About this task:
Print, word for word, the opening line of the data below and every line after it through the line that contains "ఠారూఢుండయి పొన్నమ్రానులను చాయంబుట్టి", but not the pictures.

Data for this task:
<<<<
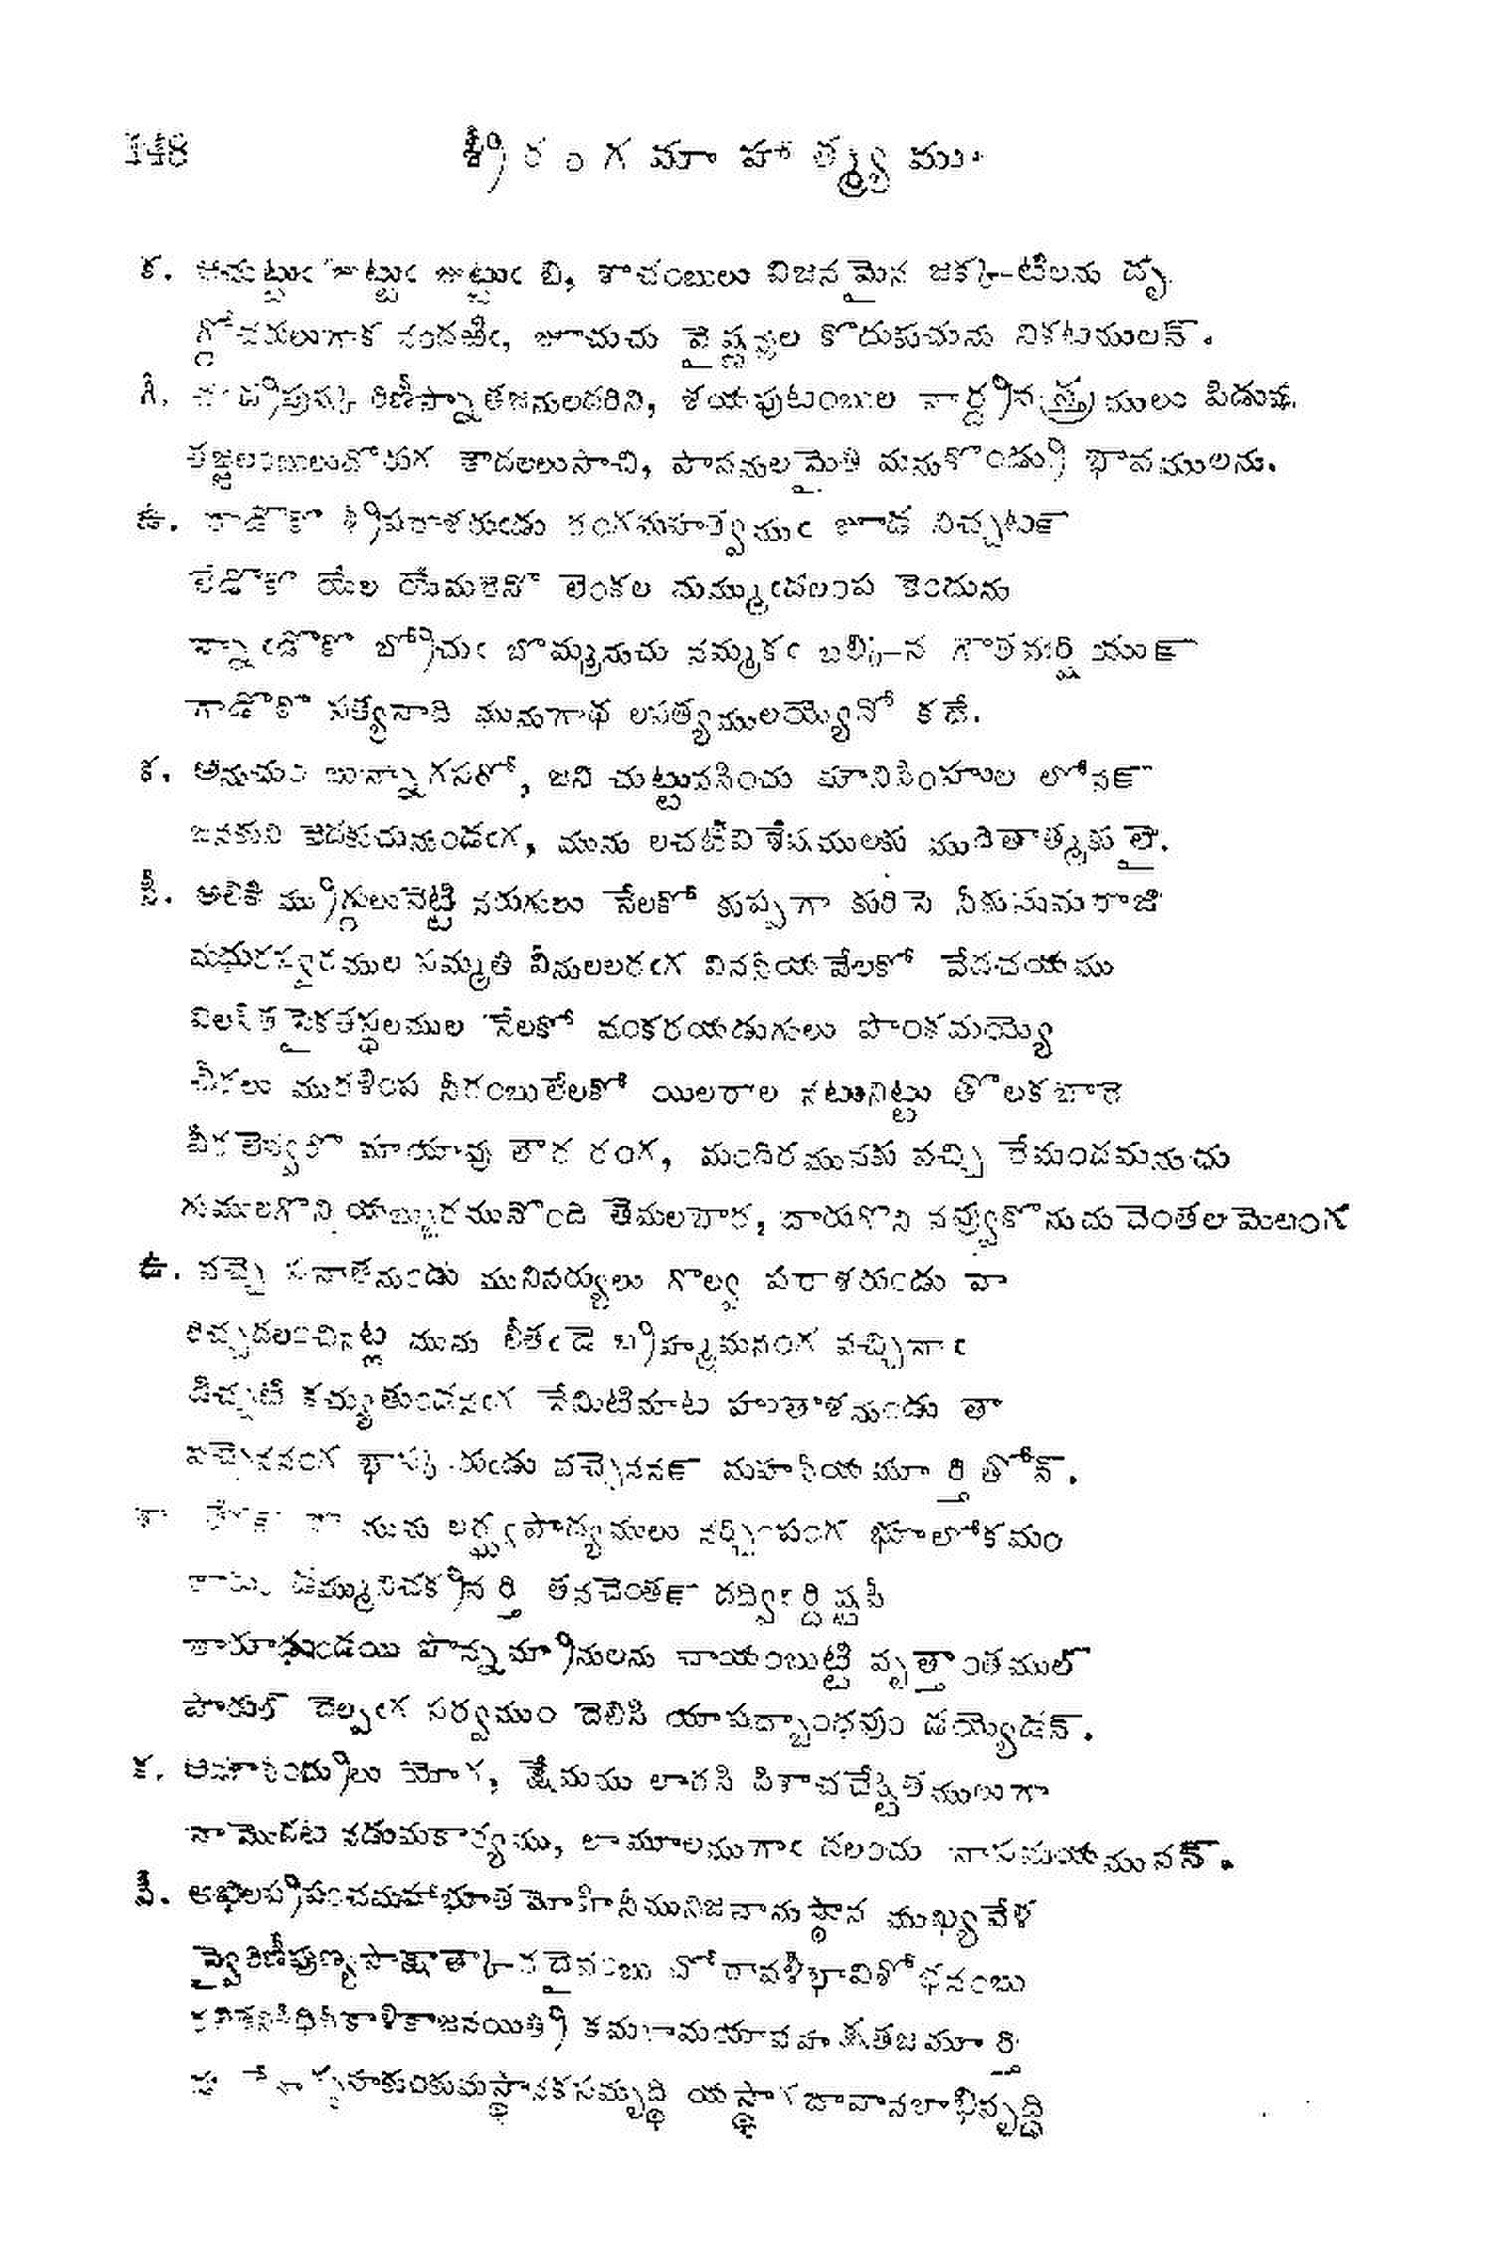క. ఆచుట్టుఁ జుట్టుఁ జుట్టుఁ బి, శాచంబులు విజనమైన జక్కటిలను దృ
 గ్గోచరులు గాక నందఱిఁ, జూచుచు వైష్ణవుల కొదుకుచును నికటములన్.
గీ. చంద్రపుష్కరిణీస్నాతజనులదరిని, శయపుటంబుల నార్ద్రవస్త్రములు పిడువ
 తజ్జలంబులు దొరుగ నౌదలలు సాచి, పావనుల మైతి మనుకొండ్రు భావములను.
ఉ. రాడొకొ శ్రీపరాశరుడు రంగమహత్వముఁ జూడ నిచ్చటన్
 లేడొకొ యేల యేమరెనొ లెంకల మమ్ముఁ దలంప కెందును
 న్నాఁడొకొ బ్రోచుఁ బొమ్మనుచు నమ్మకఁ బల్కిన గౌతమర్షియున్
 గాడొకొ సత్యవాది మునుగాథ లసత్యము లయ్యెనో కదే.
క. అనుచుం బున్నాగసరో, జునిచుట్టు వసించు మౌనిసింహులలోనన్
 జనకుని వెదకుచునుండఁగ, మును లచటివిశేషములకు ముదితాత్మకులై.
సీ. అలికి మ్రుగ్గులువెట్టి నరుగులు నేలకో కుప్పగా కురిసె నీకుసుమరాజి
 మధురస్వరముల సమ్మతి వీనులలరఁగ విననీయవేలకో వేదచయము
 విలసితసైకతస్థలముల నేలకో వంకరయడుగులు పొంకమయ్యె
 చీరలు మురళింప నీరంబు లేలకో యిలరాల నటునిట్టు తొలకబారె
 వీర లెవ్వరొ మాయావు లౌర రంగ, మంగిరమునకు వచ్చి రేమందమనుచు
 గుములగొని యబ్బురమునొంది తెమలబార, దారుగొని నవ్వుకొనుచు చెంతల మెలంగు
ఉ. వచ్చె సనాతనుండు మునినర్యులు గొల్వ పరాశరుఁడు నా
 రిచ్చదలంచినట్ల మును లీతఁడె బహ్మమనంగ వచ్చినాఁ
 డిచ్చటి కచ్యుతుండనఁగ నేమిటిమాట హుతాశనుండు తా
 వచ్చెననంగ భాస్కరుఁడు వచ్చెననన్ మహనీయమూర్తితోన్.
శా. చేరన్ రా మును లర్ఘ్యపాద్యములు నర్చింపంగ భూలోకమం
 దారుం డమ్మునిచక్రవర్తి తనచెంతన్ దద్వినిర్దిష్టపీ
 ఠారూఢుండయి పొన్నమ్రానులను చాయంబుట్టి వృత్తాంతముల్
 పౌరుల్ దెల్పఁగ సర్వముం దెలిసి యాపద్బాంధవుం డయ్యెడన్.
క. ఆమౌనీంద్రులు యోగ, క్షేమము లారసి పిశాచచేష్టితములుగా
 నా మొదట నడుమకార్యము, లామూలముగాఁ దలంచు నాసమయమునన్.
సీ. అఖిలప్రపంచమహాభూతమోహినీమునిజనానుష్ఠాన ముఖ్యవేళ
 స్వైరిణీపుణ్యసాక్షాత్కారదైవంబు చోరావళీభావిశోభనంబు
 కలితనిశీధినీకాళికాజనయిత్రి కమలామయావహక్షతజమూర్తి
 మందేహగృహకుంకుమస్థావకసమృద్ధి యస్థాగదావానలాభివృద్ధి
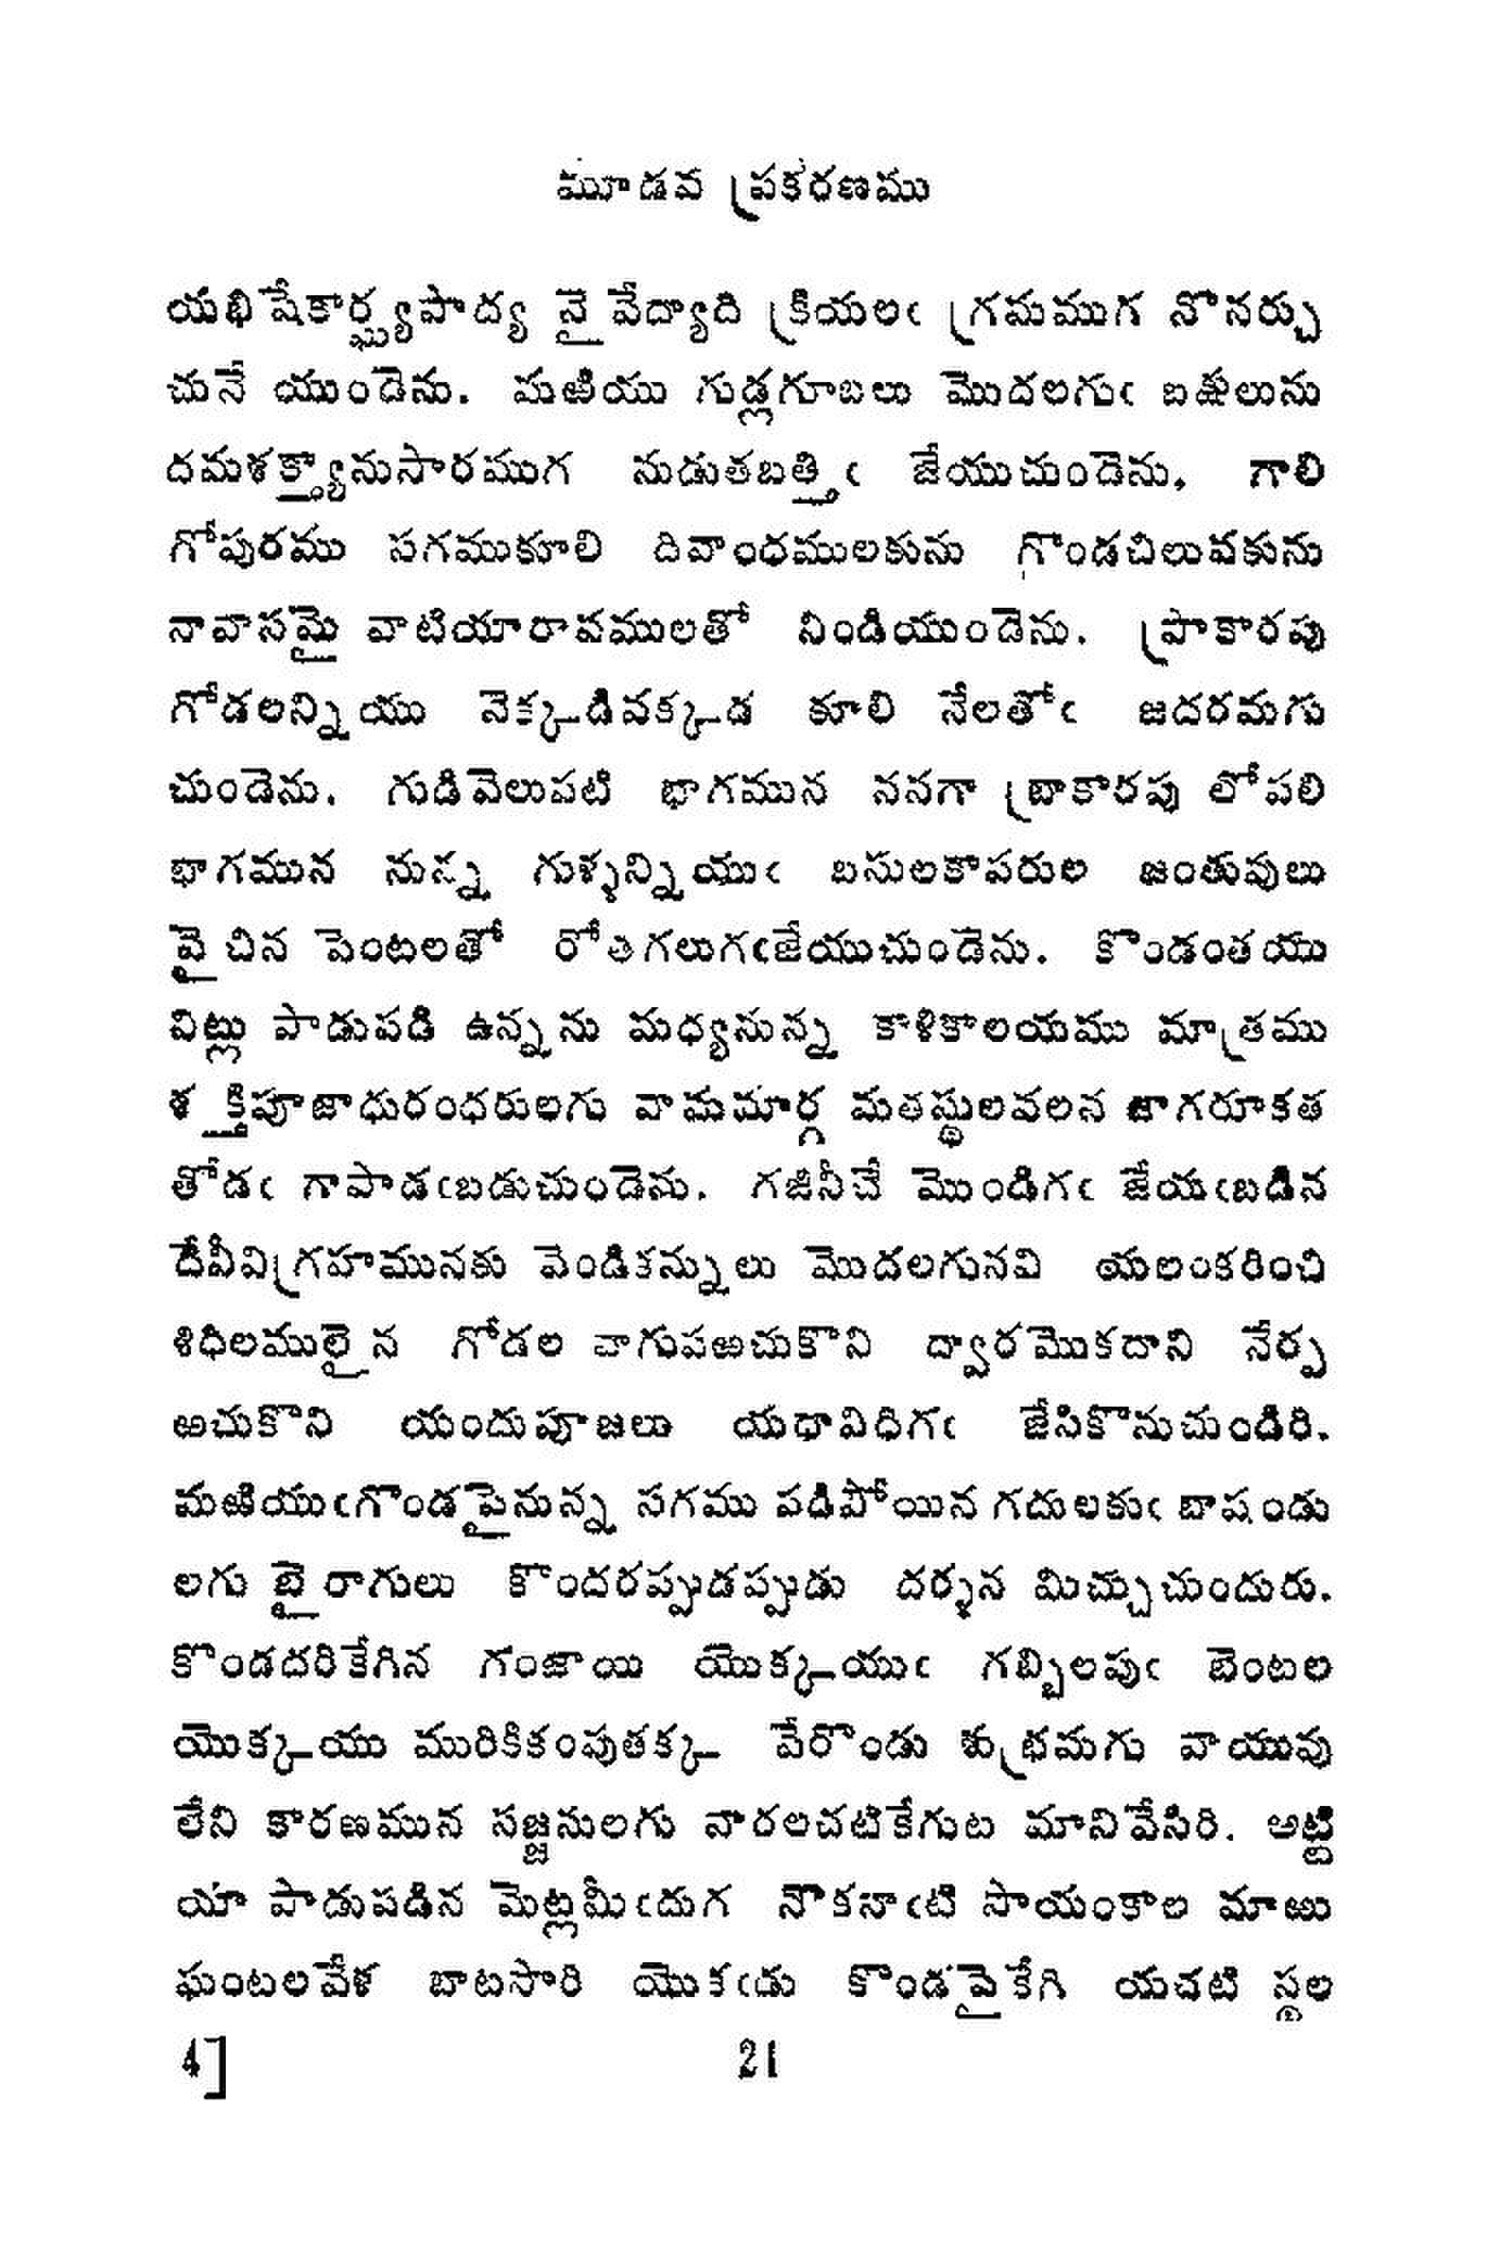యభిషేకార్ఘ్యపాద్య నైవేద్యాది క్రియలఁ గ్రమముగ నొనర్చుచునే యుండెను. మఱియు గుడ్లగూబలు మొదలగుఁ బక్షులును దమశక్త్యానుసారముగ నుడుతబత్తిఁ జేయుచుండెను, గాలి గోపురము సగముకూలి దివాంధములకును గొండచిలువకును నావాసమై వాటియారావములతో నిండియుండెను. ప్రాకారపు గోడలన్నియు నెక్కడివక్కడ కూలి నేలతోఁ జదరమగు చుండెను. గుడివెలుపటి భాగమున ననగా బ్రాకారపు లోపలి భాగమున నున్న గుళ్ళన్నియుఁ బసులకాపరుల జంతువులు వైచిన పెంటలతో రోతగలుగఁజేయుచుండెను. కొండంతయు నిట్లు పాడుపడి ఉన్నను మధ్యనున్న కాళికాలయము మాత్రము శక్తిపూజాధురంధరులగు వామమార్గ మతస్థులవలన జాగరూకత తోడఁ గాపాడఁబడుచుండెను. గజినీచే మొండిగఁ జేయఁబడిన దేవీవిగ్రహమునకు వెండికన్నులు మొదలగునవి యలంకరించి శిధిలములైన గోడల బాగుపఱచుకొని ద్వారమొకదాని నేర్పఱచుకొని యందుపూజలు యధావిధిగఁ జేసికొనుచుండిరి. మఱియుఁగొండపైనున్న సగము పడిపోయిన గదులకుఁ బాషండులగు బైరాగులు కొందరప్పుడప్పుడు దర్శన మిచ్చుచుందురు. కొండదరికేగిన గంజాయి యొక్కయుఁ గబ్బిలపుఁ బెంటల యొక్కయు మురికికంపుతక్క వేరొండు శుభ్రమగు వాయువు లేని కారణమున సజ్జనులగు వారలచటి కేగుట మానివేసిరి. అట్టి యా పాడుపడిన మెట్లమీఁదుగ నొకనాఁటి సాయంకాల మాఱు ఘంటలవేళ బాటసారి యొకఁడు కొండపైకేగి యచటి స్థల
>>>>
Solution below:
క. ఆచుట్టుఁ జుట్టుఁ జుట్టుఁ బి, శాచంబులు విజనమైన జక్కటిలను దృ
 గ్గోచరులు గాక నందఱిఁ, జూచుచు వైష్ణవుల కొదుకుచును నికటములన్.
గీ. చంద్రపుష్కరిణీస్నాతజనులదరిని, శయపుటంబుల నార్ద్రవస్త్రములు పిడువ
 తజ్జలంబులు దొరుగ నౌదలలు సాచి, పావనుల మైతి మనుకొండ్రు భావములను.
ఉ. రాడొకొ శ్రీపరాశరుడు రంగమహత్వముఁ జూడ నిచ్చటన్
 లేడొకొ యేల యేమరెనొ లెంకల మమ్ముఁ దలంప కెందును
 న్నాఁడొకొ బ్రోచుఁ బొమ్మనుచు నమ్మకఁ బల్కిన గౌతమర్షియున్
 గాడొకొ సత్యవాది మునుగాథ లసత్యము లయ్యెనో కదే.
క. అనుచుం బున్నాగసరో, జునిచుట్టు వసించు మౌనిసింహులలోనన్
 జనకుని వెదకుచునుండఁగ, మును లచటివిశేషములకు ముదితాత్మకులై.
సీ. అలికి మ్రుగ్గులువెట్టి నరుగులు నేలకో కుప్పగా కురిసె నీకుసుమరాజి
 మధురస్వరముల సమ్మతి వీనులలరఁగ విననీయవేలకో వేదచయము
 విలసితసైకతస్థలముల నేలకో వంకరయడుగులు పొంకమయ్యె
 చీరలు మురళింప నీరంబు లేలకో యిలరాల నటునిట్టు తొలకబారె
 వీర లెవ్వరొ మాయావు లౌర రంగ, మంగిరమునకు వచ్చి రేమందమనుచు
 గుములగొని యబ్బురమునొంది తెమలబార, దారుగొని నవ్వుకొనుచు చెంతల మెలంగు
ఉ. వచ్చె సనాతనుండు మునినర్యులు గొల్వ పరాశరుఁడు నా
 రిచ్చదలంచినట్ల మును లీతఁడె బహ్మమనంగ వచ్చినాఁ
 డిచ్చటి కచ్యుతుండనఁగ నేమిటిమాట హుతాశనుండు తా
 వచ్చెననంగ భాస్కరుఁడు వచ్చెననన్ మహనీయమూర్తితోన్.
శా. చేరన్ రా మును లర్ఘ్యపాద్యములు నర్చింపంగ భూలోకమం
 దారుం డమ్మునిచక్రవర్తి తనచెంతన్ దద్వినిర్దిష్టపీ
 ఠారూఢుండయి పొన్నమ్రానులను చాయంబుట్టి వృత్తాంతముల్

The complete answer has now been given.